# Is it worth studying an MBA in Singapore?



## Robert137

I read this interview by a Nanyang MBA student and got wondering why more people don't just apply to Chinese schools. What do you guys think?

businessbecause. com/business-school-news/ill-stand-out-from-the-crowd-says-nanyang-mba.htm


----------



## Hendri

*University*

Well it also depends with the cost you pay with that quality of education. I will suggest to look and research at the lecturer background before you enroll in the university. Please look for lecturer that has field background not just academic.


----------



## Krypton

Singapore is a great location for international students who want to build their careers in Asia. Nanyang Business School offers the best MBA programme in Singapore. 

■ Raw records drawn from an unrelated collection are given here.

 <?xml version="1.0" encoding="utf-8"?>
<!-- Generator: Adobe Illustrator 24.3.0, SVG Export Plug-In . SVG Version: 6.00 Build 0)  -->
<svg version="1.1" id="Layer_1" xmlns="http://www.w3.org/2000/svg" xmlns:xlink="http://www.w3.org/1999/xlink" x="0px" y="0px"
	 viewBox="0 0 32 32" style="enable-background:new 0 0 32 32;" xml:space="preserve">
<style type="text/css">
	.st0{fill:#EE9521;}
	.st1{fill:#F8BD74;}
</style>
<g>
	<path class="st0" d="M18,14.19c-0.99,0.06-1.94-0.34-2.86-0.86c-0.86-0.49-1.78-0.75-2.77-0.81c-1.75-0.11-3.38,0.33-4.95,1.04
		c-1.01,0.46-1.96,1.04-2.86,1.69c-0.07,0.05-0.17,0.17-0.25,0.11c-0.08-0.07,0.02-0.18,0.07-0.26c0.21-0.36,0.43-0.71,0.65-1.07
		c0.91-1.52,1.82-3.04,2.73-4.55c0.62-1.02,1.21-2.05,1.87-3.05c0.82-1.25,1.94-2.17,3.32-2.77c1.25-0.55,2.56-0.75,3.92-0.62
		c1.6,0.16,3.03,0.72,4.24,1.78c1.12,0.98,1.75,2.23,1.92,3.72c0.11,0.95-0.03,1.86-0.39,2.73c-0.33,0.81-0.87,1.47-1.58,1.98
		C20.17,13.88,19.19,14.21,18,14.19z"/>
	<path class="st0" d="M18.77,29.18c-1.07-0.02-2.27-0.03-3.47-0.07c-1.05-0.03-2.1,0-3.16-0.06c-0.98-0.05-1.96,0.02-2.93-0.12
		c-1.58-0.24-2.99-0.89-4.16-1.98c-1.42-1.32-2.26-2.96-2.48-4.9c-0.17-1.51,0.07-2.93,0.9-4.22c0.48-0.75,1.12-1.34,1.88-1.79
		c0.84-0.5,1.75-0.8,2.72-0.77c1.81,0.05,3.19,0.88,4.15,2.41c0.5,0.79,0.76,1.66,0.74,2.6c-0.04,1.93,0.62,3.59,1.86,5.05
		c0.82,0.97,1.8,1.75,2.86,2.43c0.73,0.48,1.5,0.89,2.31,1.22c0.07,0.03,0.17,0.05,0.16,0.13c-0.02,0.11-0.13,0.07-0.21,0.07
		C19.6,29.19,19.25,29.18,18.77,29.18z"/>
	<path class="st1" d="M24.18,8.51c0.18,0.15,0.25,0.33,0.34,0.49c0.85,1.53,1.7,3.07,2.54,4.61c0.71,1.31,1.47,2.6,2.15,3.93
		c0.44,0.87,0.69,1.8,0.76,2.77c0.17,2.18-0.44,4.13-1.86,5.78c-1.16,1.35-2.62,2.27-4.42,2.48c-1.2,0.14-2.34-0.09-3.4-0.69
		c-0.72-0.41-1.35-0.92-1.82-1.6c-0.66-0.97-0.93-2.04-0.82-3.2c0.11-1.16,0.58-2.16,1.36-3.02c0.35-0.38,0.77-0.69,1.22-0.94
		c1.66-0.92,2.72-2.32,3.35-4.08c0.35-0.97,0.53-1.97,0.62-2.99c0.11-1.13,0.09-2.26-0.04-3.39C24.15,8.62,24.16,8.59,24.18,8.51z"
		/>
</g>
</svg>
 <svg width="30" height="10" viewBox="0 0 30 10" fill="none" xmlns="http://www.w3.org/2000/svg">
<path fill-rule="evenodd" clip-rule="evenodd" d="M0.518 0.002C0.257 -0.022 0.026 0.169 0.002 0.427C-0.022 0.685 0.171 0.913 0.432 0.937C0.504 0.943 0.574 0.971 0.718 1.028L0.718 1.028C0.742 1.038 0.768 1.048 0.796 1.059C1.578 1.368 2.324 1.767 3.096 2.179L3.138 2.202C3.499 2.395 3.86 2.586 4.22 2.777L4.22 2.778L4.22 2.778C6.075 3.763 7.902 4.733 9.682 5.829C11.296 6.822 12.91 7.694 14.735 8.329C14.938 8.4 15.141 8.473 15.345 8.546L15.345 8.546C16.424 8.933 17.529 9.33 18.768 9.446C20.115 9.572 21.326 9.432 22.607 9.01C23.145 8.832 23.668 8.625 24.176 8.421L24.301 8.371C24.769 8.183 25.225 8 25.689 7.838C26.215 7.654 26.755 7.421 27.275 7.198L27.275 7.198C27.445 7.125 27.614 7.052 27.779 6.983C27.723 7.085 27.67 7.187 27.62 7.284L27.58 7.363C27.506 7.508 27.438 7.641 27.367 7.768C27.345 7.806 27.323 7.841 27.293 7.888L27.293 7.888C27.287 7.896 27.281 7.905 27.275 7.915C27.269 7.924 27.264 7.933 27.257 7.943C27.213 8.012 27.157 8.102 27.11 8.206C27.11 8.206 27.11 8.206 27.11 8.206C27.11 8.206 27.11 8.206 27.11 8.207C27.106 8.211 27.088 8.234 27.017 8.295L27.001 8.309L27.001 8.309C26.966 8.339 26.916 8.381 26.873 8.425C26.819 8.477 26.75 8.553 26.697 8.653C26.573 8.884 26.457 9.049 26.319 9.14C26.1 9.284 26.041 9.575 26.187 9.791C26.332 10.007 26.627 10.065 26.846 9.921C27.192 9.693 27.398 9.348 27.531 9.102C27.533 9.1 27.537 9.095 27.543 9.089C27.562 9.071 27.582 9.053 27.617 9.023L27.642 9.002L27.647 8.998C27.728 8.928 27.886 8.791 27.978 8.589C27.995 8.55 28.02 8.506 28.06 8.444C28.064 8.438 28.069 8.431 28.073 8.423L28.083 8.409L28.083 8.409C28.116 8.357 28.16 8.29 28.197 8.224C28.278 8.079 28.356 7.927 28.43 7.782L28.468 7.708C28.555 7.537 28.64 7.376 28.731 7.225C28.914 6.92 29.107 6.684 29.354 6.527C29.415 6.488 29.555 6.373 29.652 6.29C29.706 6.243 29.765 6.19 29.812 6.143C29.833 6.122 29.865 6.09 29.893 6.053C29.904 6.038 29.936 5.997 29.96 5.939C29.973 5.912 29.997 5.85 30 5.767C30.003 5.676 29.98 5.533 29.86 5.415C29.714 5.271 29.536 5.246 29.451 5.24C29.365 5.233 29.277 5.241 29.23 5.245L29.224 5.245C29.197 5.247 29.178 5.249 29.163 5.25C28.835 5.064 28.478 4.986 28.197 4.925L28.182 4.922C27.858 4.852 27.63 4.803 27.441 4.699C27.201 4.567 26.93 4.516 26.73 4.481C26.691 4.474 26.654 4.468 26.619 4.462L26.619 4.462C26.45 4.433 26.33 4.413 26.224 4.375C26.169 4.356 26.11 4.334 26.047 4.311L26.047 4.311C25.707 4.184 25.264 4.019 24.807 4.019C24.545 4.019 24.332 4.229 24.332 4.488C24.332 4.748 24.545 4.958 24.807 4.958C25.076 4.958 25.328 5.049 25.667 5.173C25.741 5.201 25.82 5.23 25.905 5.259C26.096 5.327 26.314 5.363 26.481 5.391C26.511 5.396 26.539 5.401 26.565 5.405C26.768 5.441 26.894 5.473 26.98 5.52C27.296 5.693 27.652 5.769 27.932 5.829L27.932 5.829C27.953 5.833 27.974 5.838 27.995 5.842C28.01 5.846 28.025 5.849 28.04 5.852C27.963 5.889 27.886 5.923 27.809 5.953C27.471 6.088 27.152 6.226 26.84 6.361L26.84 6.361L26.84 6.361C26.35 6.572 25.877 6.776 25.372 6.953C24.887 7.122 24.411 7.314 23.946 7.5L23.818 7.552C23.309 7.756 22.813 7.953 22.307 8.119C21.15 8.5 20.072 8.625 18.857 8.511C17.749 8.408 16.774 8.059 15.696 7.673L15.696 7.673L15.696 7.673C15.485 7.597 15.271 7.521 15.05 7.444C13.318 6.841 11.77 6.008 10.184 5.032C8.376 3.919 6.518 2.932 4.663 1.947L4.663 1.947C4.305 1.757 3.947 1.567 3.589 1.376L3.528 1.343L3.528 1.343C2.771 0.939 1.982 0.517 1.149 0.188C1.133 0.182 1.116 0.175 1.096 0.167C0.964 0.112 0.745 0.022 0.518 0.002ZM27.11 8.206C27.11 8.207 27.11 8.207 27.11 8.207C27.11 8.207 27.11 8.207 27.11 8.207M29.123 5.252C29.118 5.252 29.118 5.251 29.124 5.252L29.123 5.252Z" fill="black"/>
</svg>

The Financial Times business school rankings placed it at number 34 in the world. The programme is run over 16 months(although you can take an accelerated 10 month one) and offers global perspectives, with a focus in Asia. Students are very international and come from a diverse range of industries. Many of their students are attracted to study at Nanyang because of its great location and strong links with firms in Singapore, in the rest of Asia and beyond. Their admissions teams welcome people to call or write with questions about studying and living in Singapore.


----------



## ysayap

*It depends*

Taking an MBA would depend on the work that you do. You should think first before enrolling because it is quite expensive when taking an MBA.


----------



## ptrlee

Yes its worth to do MBA there. You will find high quality educational institutes there, affordable education and great job opportunities after completing MBA.


----------